> [WHAT THIS TASK INVOLVES]: Keep the wording of each record exactly the same when you repeat it, and leave out pictures.

> [DATASET EXCERPTS]:

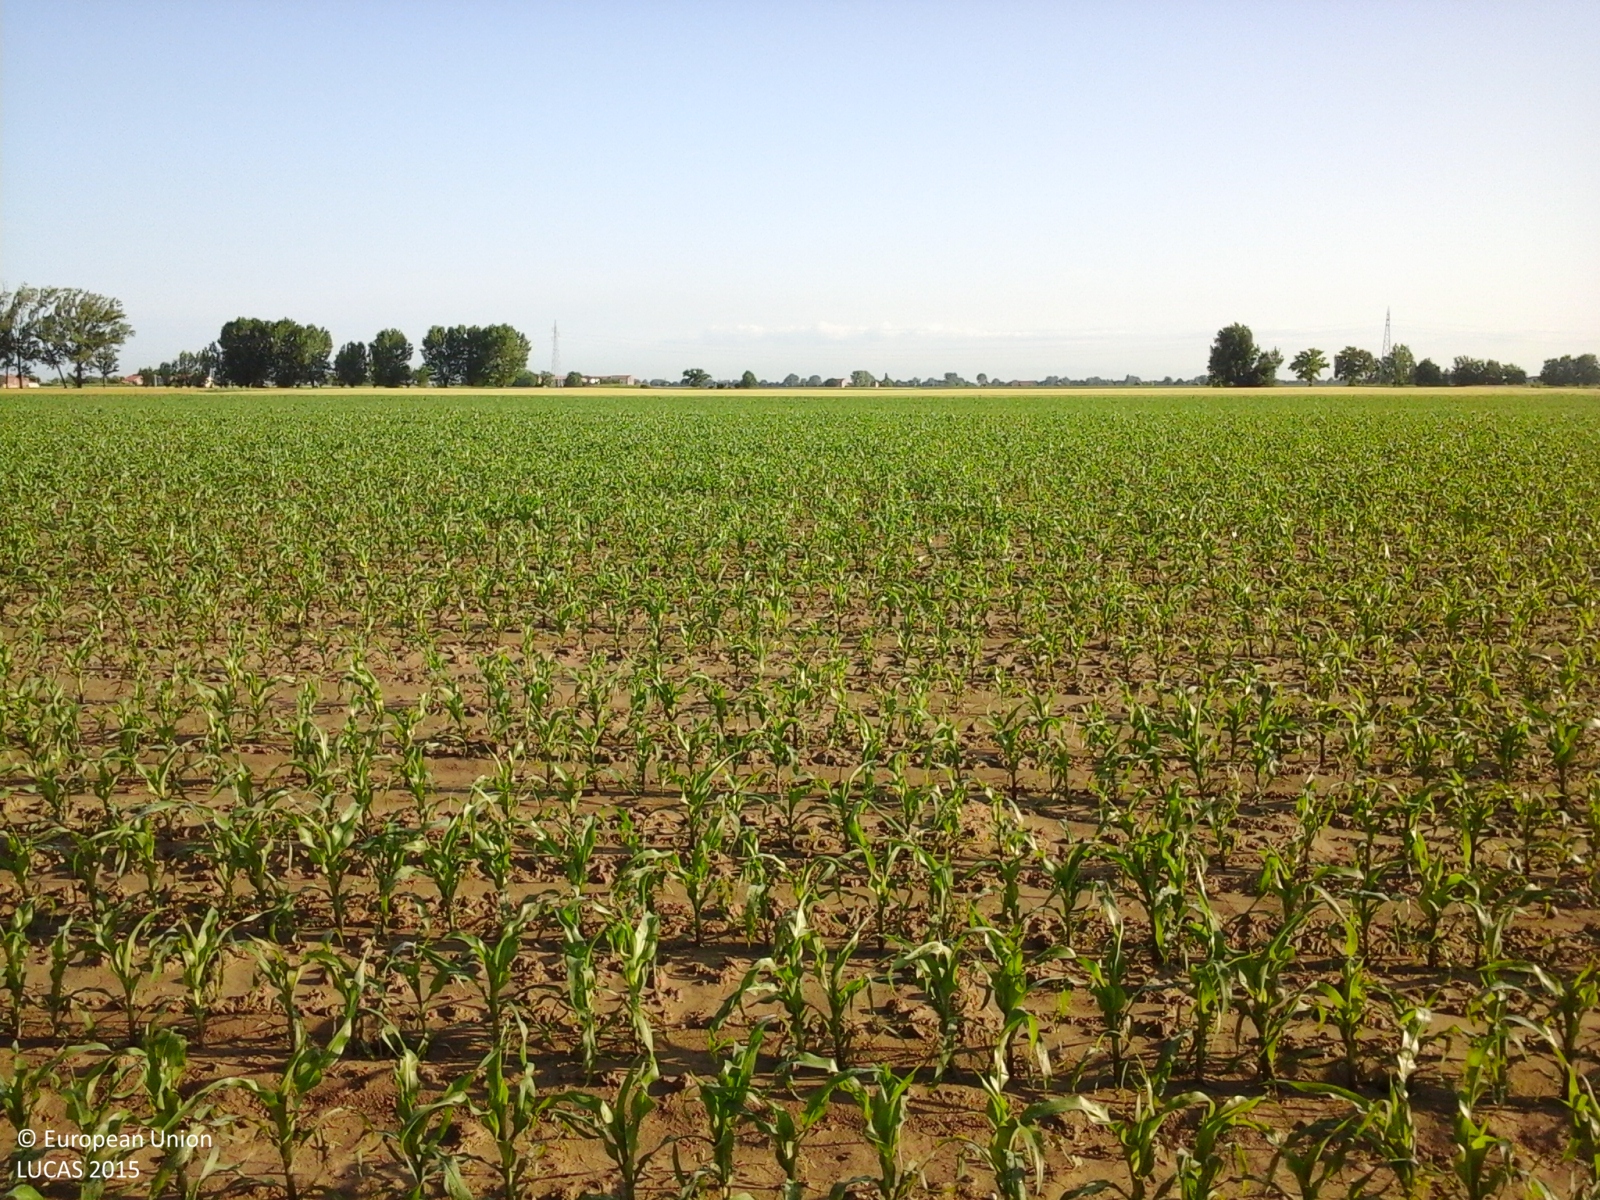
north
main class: Cropland
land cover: Maize
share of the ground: 25 - 50 %
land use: Agriculture (excluding fallow land and kitchen gardens)
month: May
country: IT
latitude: 45.0646
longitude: 11.2296

> [EXERCISE ANSWER]:
north
main class: Cropland
land cover: Maize
share of the ground: 25 - 50 %
land use: Agriculture (excluding fallow land and kitchen gardens)
month: May
country: IT
latitude: 45.0646
longitude: 11.2296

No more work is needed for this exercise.